### EXERCISE INPUT
·····

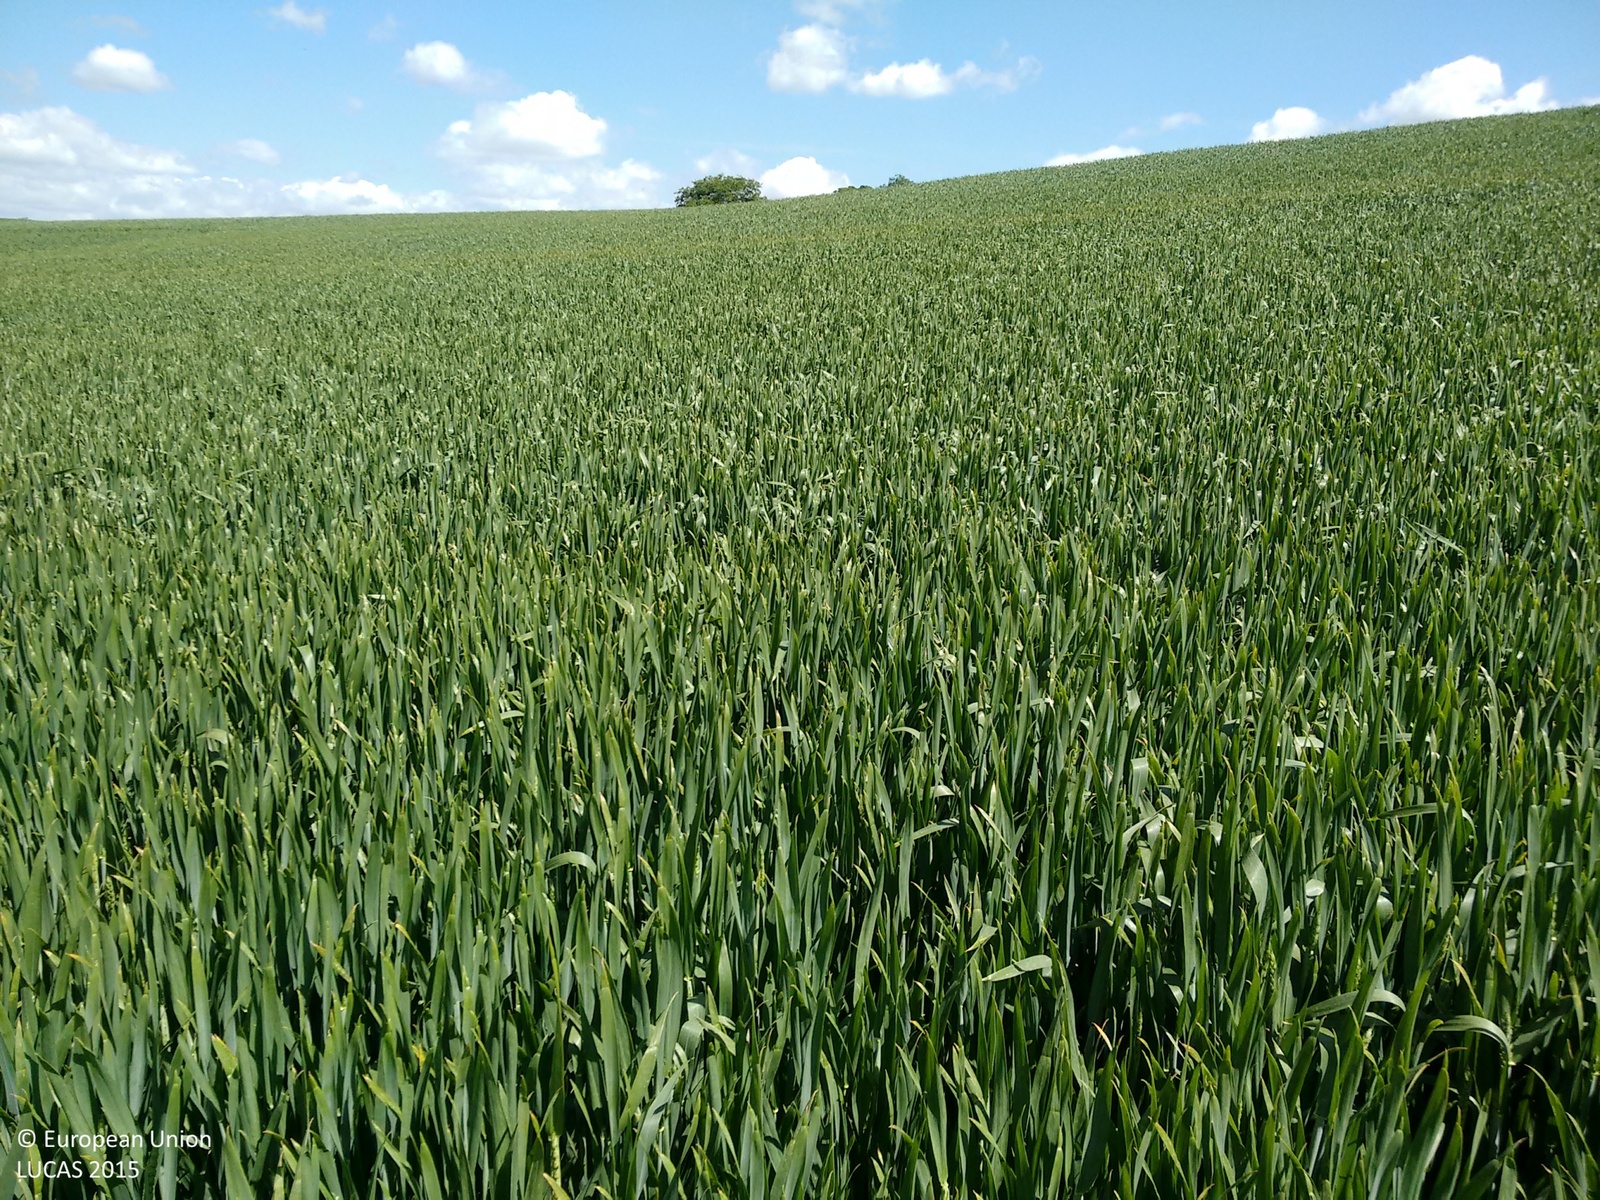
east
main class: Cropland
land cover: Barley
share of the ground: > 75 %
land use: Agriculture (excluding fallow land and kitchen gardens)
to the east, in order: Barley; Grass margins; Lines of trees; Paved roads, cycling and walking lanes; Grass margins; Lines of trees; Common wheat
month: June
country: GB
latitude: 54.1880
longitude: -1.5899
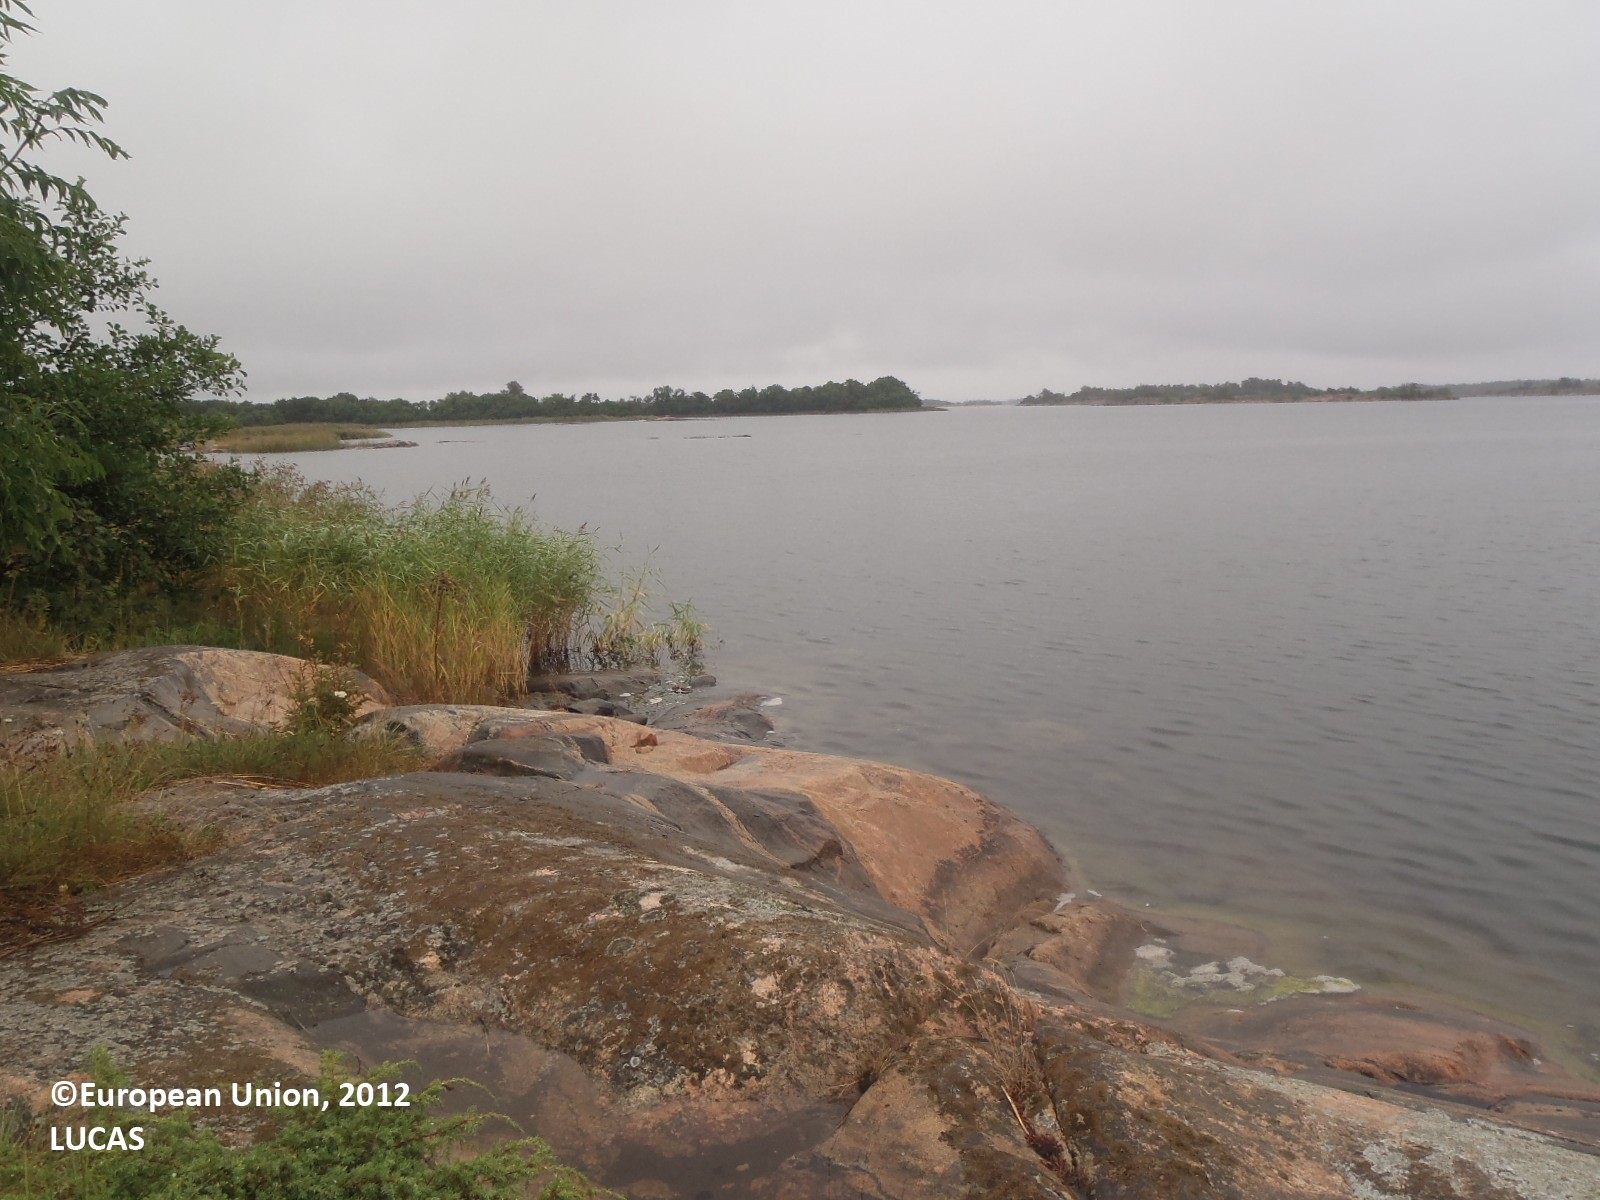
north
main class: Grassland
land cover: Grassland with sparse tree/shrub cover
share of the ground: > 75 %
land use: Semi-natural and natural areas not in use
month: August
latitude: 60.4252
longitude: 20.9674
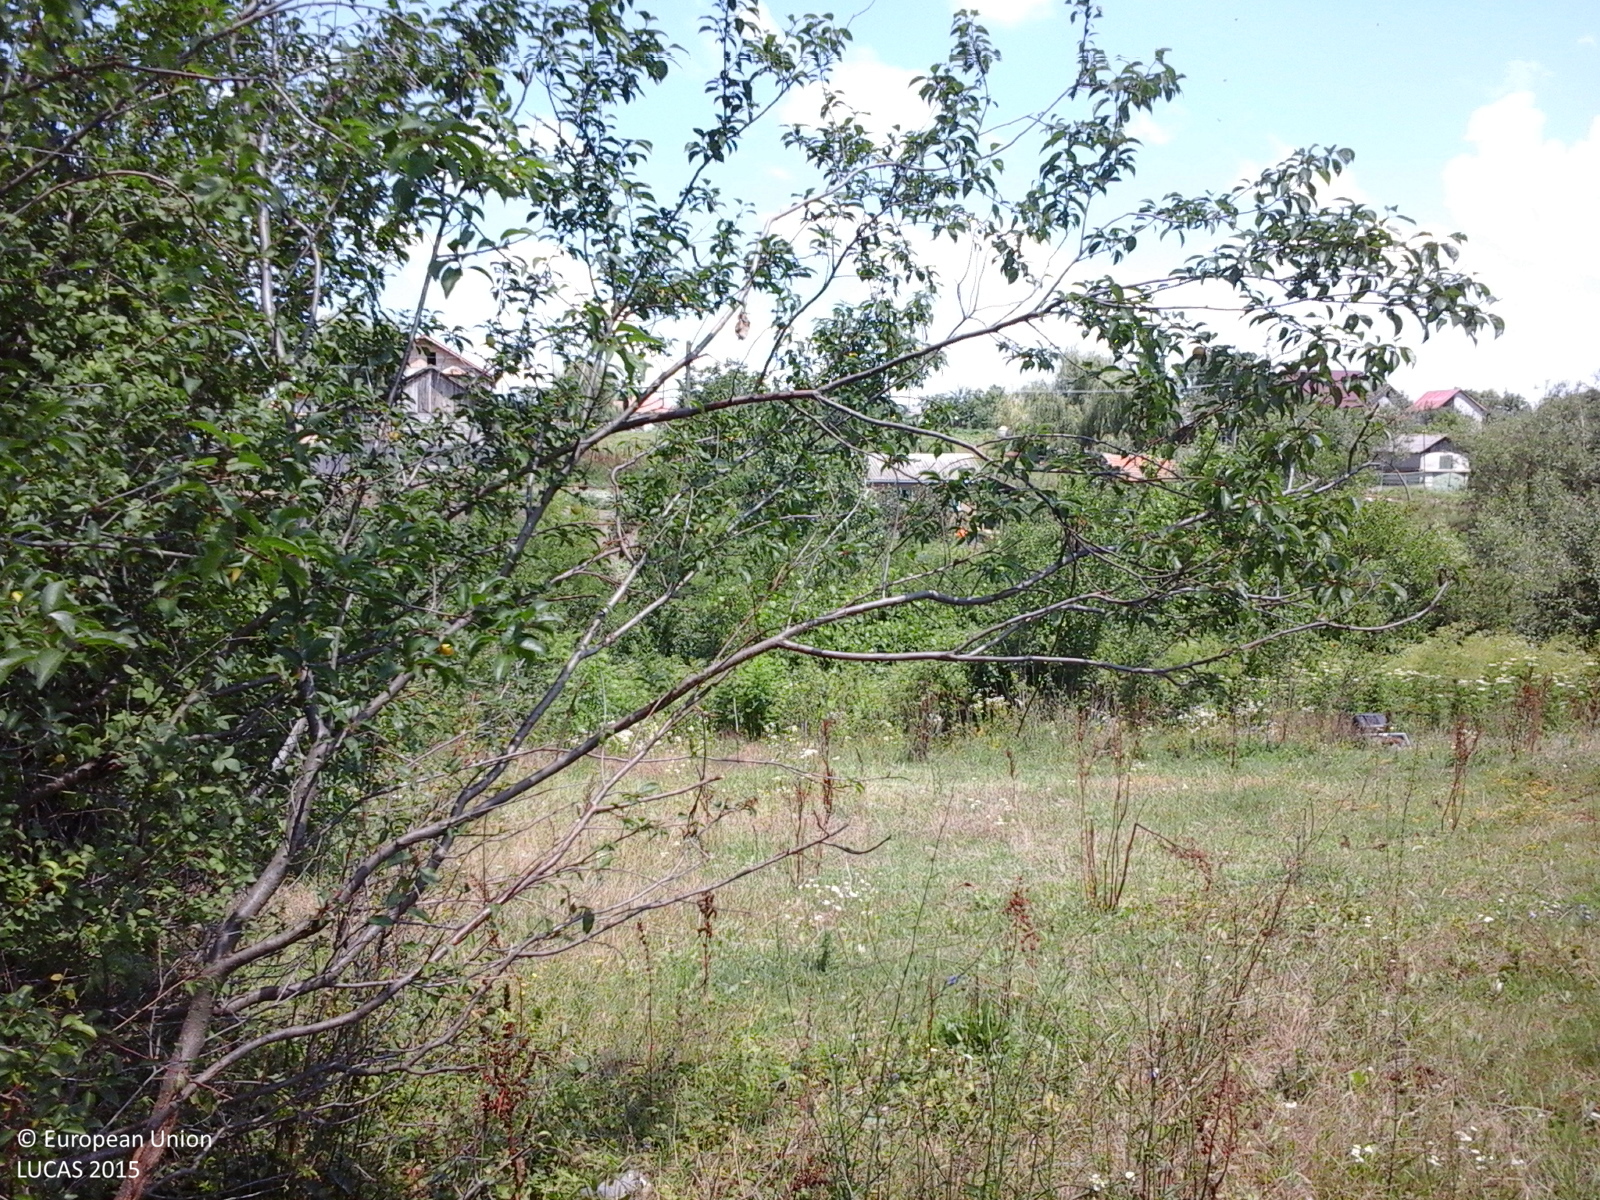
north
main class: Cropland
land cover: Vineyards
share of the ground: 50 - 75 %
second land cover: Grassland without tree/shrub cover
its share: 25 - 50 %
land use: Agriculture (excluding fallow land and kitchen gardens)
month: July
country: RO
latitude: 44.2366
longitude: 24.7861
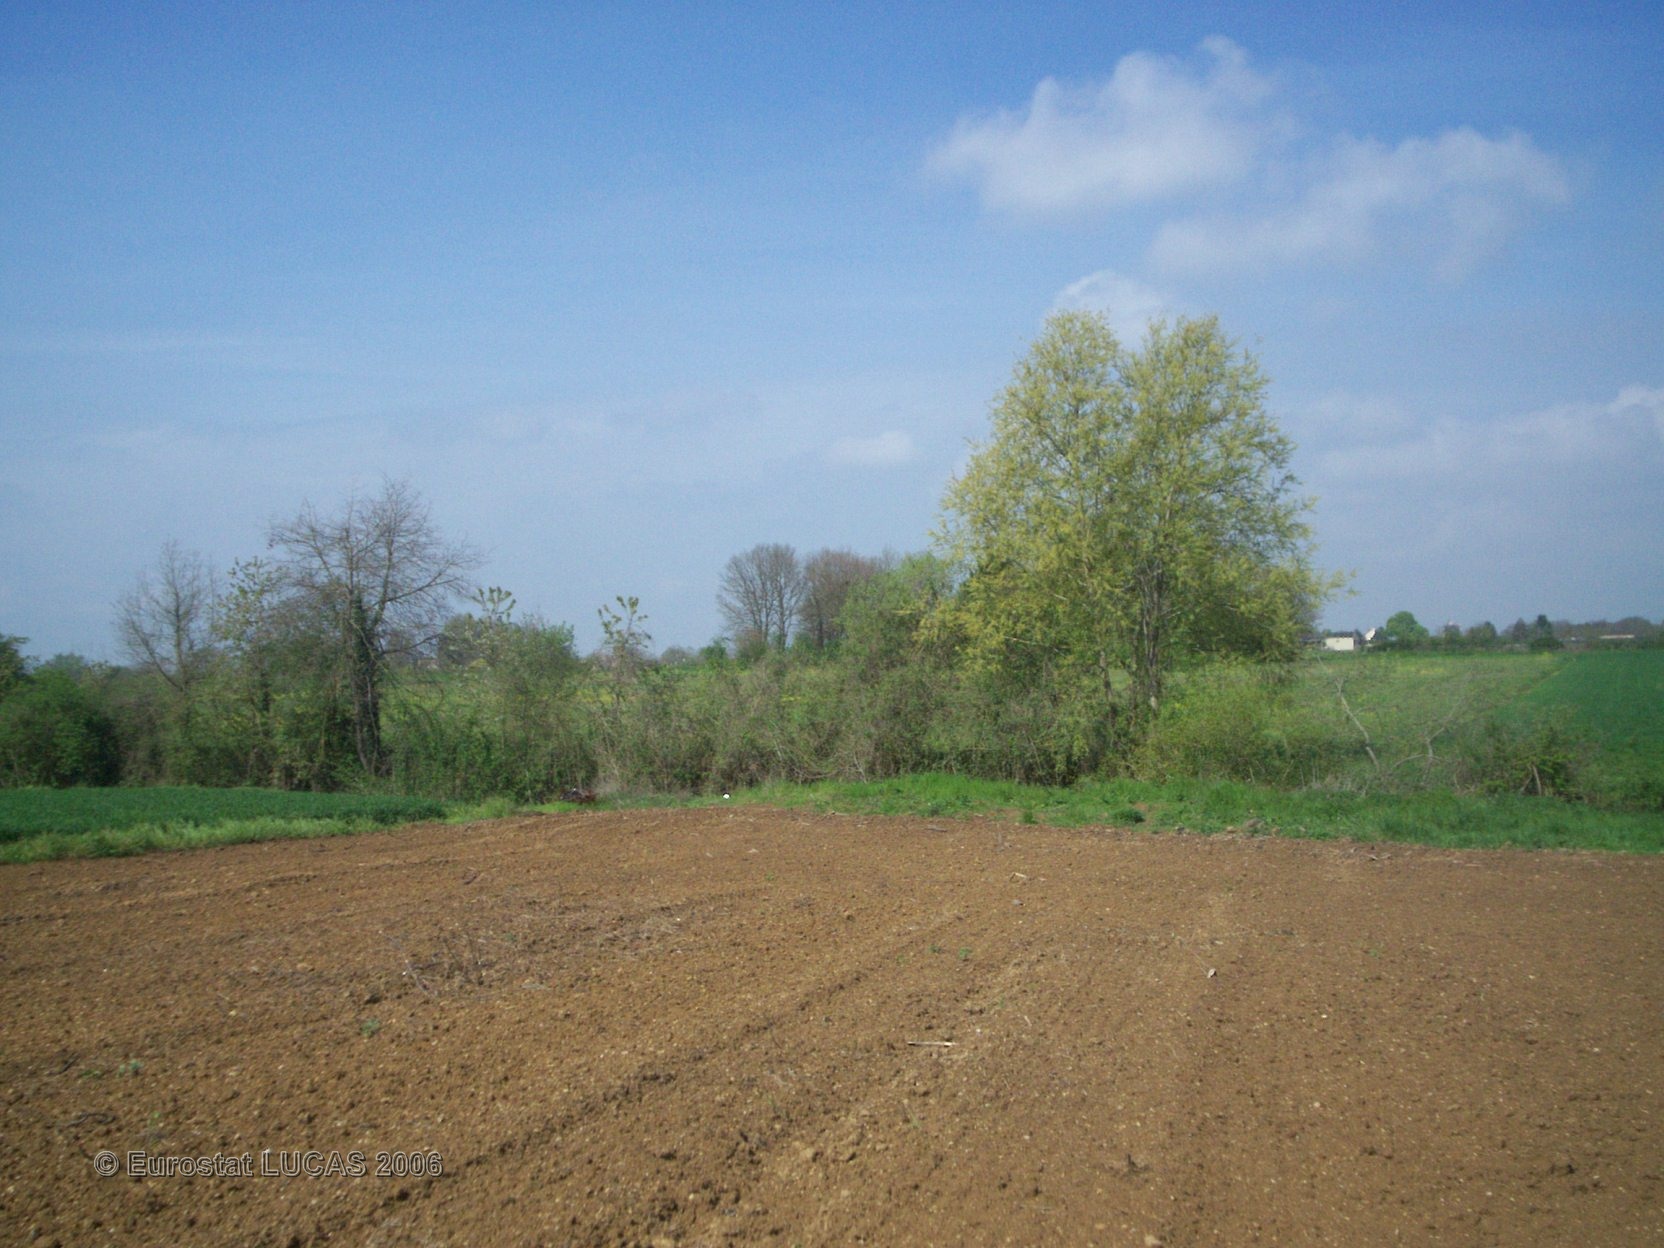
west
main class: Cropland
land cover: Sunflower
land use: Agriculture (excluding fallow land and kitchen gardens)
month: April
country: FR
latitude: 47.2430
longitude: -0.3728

·····

### EXERCISE DIRECTIONS
Take the material above and output only the lines from the one that contains "land cover: Grassland with sparse" through the one that contains "its share: 25 - 50 %", ends included and images left out.

### RESPONSE BOX
land cover: Grassland with sparse tree/shrub cover
share of the ground: > 75 %
land use: Semi-natural and natural areas not in use
month: August
latitude: 60.4252
longitude: 20.9674
north
main class: Cropland
land cover: Vineyards
share of the ground: 50 - 75 %
second land cover: Grassland without tree/shrub cover
its share: 25 - 50 %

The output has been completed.